Allowing children an up-close view of over a dozen of the world’s most amazing feats of construction engineering, What’s Inside? features layered cut-paper images that reproduce buildings both inside and out. As well as depicting structures ranging from the underground tomb of Egypt’s King Tutankamun to Sydney, Australia’s famed Opera House and the Georgia Aquarium, Laroche includes specific facts about each structure, such as location, date of completion, materials, and special features. Calling What’s Inside? a “beautiful book,” Paula Willey added in School Library Journal that its sculptural images “are depicted with skill and charm” and feature an “intricacy [that] … will hold readers spellbound.” Featuring a “trademark” style that mixes “drawing, painting, and cut paper,” the artwork in What’s Inside? is enhanced by “minute detail [that] celebrates the awe-inspiring constructions,” according to Booklist contributor Hazel Rochman.
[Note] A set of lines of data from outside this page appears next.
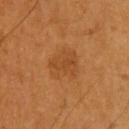On the upper back.
Cropped from a total-body skin-imaging series; the visible field is about 15 mm.
A male patient about 60 years old.
The tile uses cross-polarized illumination.
The recorded lesion diameter is about 4 mm.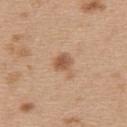This lesion was catalogued during total-body skin photography and was not selected for biopsy.
The recorded lesion diameter is about 3 mm.
The subject is a female aged 43 to 47.
On the upper back.
A 15 mm close-up extracted from a 3D total-body photography capture.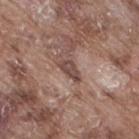follow-up = catalogued during a skin exam; not biopsied
lesion diameter = about 3.5 mm
image = 15 mm crop, total-body photography
patient = male, about 75 years old
anatomic site = the right thigh
tile lighting = white-light illumination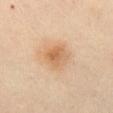follow-up = catalogued during a skin exam; not biopsied | image source = ~15 mm crop, total-body skin-cancer survey | body site = the left thigh | patient = female, about 45 years old.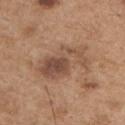Recorded during total-body skin imaging; not selected for excision or biopsy. The tile uses white-light illumination. A male patient aged 63–67. Automated image analysis of the tile measured an area of roughly 18 mm², an eccentricity of roughly 0.85, and a shape-asymmetry score of about 0.35 (0 = symmetric). A close-up tile cropped from a whole-body skin photograph, about 15 mm across. Located on the chest.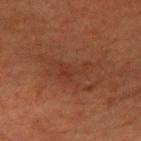  biopsy_status: not biopsied; imaged during a skin examination
  lesion_size:
    long_diameter_mm_approx: 5.5
  lighting: cross-polarized
  patient:
    sex: male
    age_approx: 65
  image:
    source: total-body photography crop
    field_of_view_mm: 15
  site: left upper arm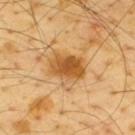biopsy status — no biopsy performed (imaged during a skin exam)
location — the back
imaging modality — ~15 mm tile from a whole-body skin photo
subject — male, in their mid- to late 60s
TBP lesion metrics — a lesion area of about 11 mm², an outline eccentricity of about 0.75 (0 = round, 1 = elongated), and a symmetry-axis asymmetry near 0.15; roughly 13 lightness units darker than nearby skin; a border-irregularity index near 2/10, a color-variation rating of about 5/10, and peripheral color asymmetry of about 1; a classifier nevus-likeness of about 40/100 and a detector confidence of about 100 out of 100 that the crop contains a lesion
size — ≈4.5 mm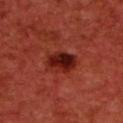Recorded during total-body skin imaging; not selected for excision or biopsy. A 15 mm close-up extracted from a 3D total-body photography capture. Longest diameter approximately 3.5 mm. A male subject aged 58 to 62. The lesion is located on the upper back.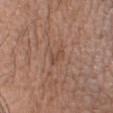Impression:
Part of a total-body skin-imaging series; this lesion was reviewed on a skin check and was not flagged for biopsy.
Acquisition and patient details:
A roughly 15 mm field-of-view crop from a total-body skin photograph. The tile uses white-light illumination. Located on the head or neck. The patient is a female about 50 years old. The total-body-photography lesion software estimated a footprint of about 2.5 mm² and a shape eccentricity near 0.9. The software also gave a lesion color around L≈47 a*≈20 b*≈28 in CIELAB, about 6 CIELAB-L* units darker than the surrounding skin, and a normalized lesion–skin contrast near 5. It also reported a classifier nevus-likeness of about 0/100 and a detector confidence of about 95 out of 100 that the crop contains a lesion.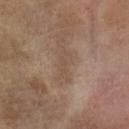The lesion was tiled from a total-body skin photograph and was not biopsied.
Imaged with cross-polarized lighting.
The total-body-photography lesion software estimated a footprint of about 3.5 mm² and an eccentricity of roughly 0.95.
The lesion is on the left forearm.
This image is a 15 mm lesion crop taken from a total-body photograph.
The patient is a female aged 73 to 77.
The lesion's longest dimension is about 3.5 mm.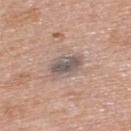Assessment:
No biopsy was performed on this lesion — it was imaged during a full skin examination and was not determined to be concerning.
Clinical summary:
From the upper back. A lesion tile, about 15 mm wide, cut from a 3D total-body photograph. Imaged with white-light lighting. Measured at roughly 4 mm in maximum diameter. The patient is a male aged around 70.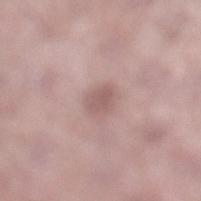No biopsy was performed on this lesion — it was imaged during a full skin examination and was not determined to be concerning. About 2.5 mm across. From the left lower leg. A 15 mm close-up tile from a total-body photography series done for melanoma screening. Captured under white-light illumination. A male patient aged approximately 55.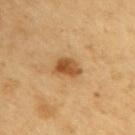Q: Is there a histopathology result?
A: catalogued during a skin exam; not biopsied
Q: How was this image acquired?
A: ~15 mm crop, total-body skin-cancer survey
Q: Where on the body is the lesion?
A: the arm
Q: Who is the patient?
A: male, roughly 60 years of age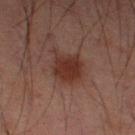Clinical summary: Located on the right thigh. The tile uses cross-polarized illumination. The lesion's longest dimension is about 4.5 mm. The patient is a male about 60 years old. Cropped from a whole-body photographic skin survey; the tile spans about 15 mm.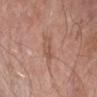No biopsy was performed on this lesion — it was imaged during a full skin examination and was not determined to be concerning.
Automated image analysis of the tile measured an outline eccentricity of about 0.8 (0 = round, 1 = elongated) and a symmetry-axis asymmetry near 0.3. The software also gave a border-irregularity rating of about 3.5/10, internal color variation of about 3.5 on a 0–10 scale, and a peripheral color-asymmetry measure near 1.5.
The subject is a male in their mid- to late 60s.
The lesion's longest dimension is about 3 mm.
The tile uses cross-polarized illumination.
On the left forearm.
A 15 mm close-up tile from a total-body photography series done for melanoma screening.

Laroche turns his attention homeward in If You Lived Here , which allows readers to experience life inside homes from around the world. In each of the book’s sixteen double-page spreads—which span time and place and range from a village pueblo to an eighteenth-century pioneer log home to a rammed-earth “tulou” from Fuji—an intricate collage image reveals “the geography, the inhabitants, and the community, as well as the house itself,” according to Booklist critic Thom Barthelmess. In Horn Book Jonathan Hunt commended the work, writing that Laroche’s fact-filled tour of dwellings allow young readers “glimpses into the lives of people who might live very differently” and “also expand and broaden their worldview.” School Library Journal contributor Kathleen Kelly MacMillan recommended If You Lived Here as an “exemplary” work that will “inspire readers as well as educate them.”
Laroche’s knowledge of architecture is also on display in his illustrations for Lee Bennett Hopkins’s Ragged Shadows: Poems of Halloween Night, an anthology of fourteen poems featuring costumed children trick-or-treating through the streets of Salem, Massachusetts. Laroche’s cut-paper collages also capture architectural elements in the pages of Sturges’s books Bridges Are to Cross and Sacred Places. In the first, the author showcases fifteen bridges, from the high-tech splendor of the Golden Gate Bridge in San Francisco to a 2,000-year-old Spanish aqueduct, in the process covering a range of styles, technologies, and materials across time and culture. A Publishers Weekly critic, reviewing Bridges Are to Cross , highlighted Laroche’s “astonishing 3-D collage illustration,” while in School Library Journal Ronald Jobe remarked that “each bridge … has a luminescent quality to it, as if the light is radiating from within. What an effect!”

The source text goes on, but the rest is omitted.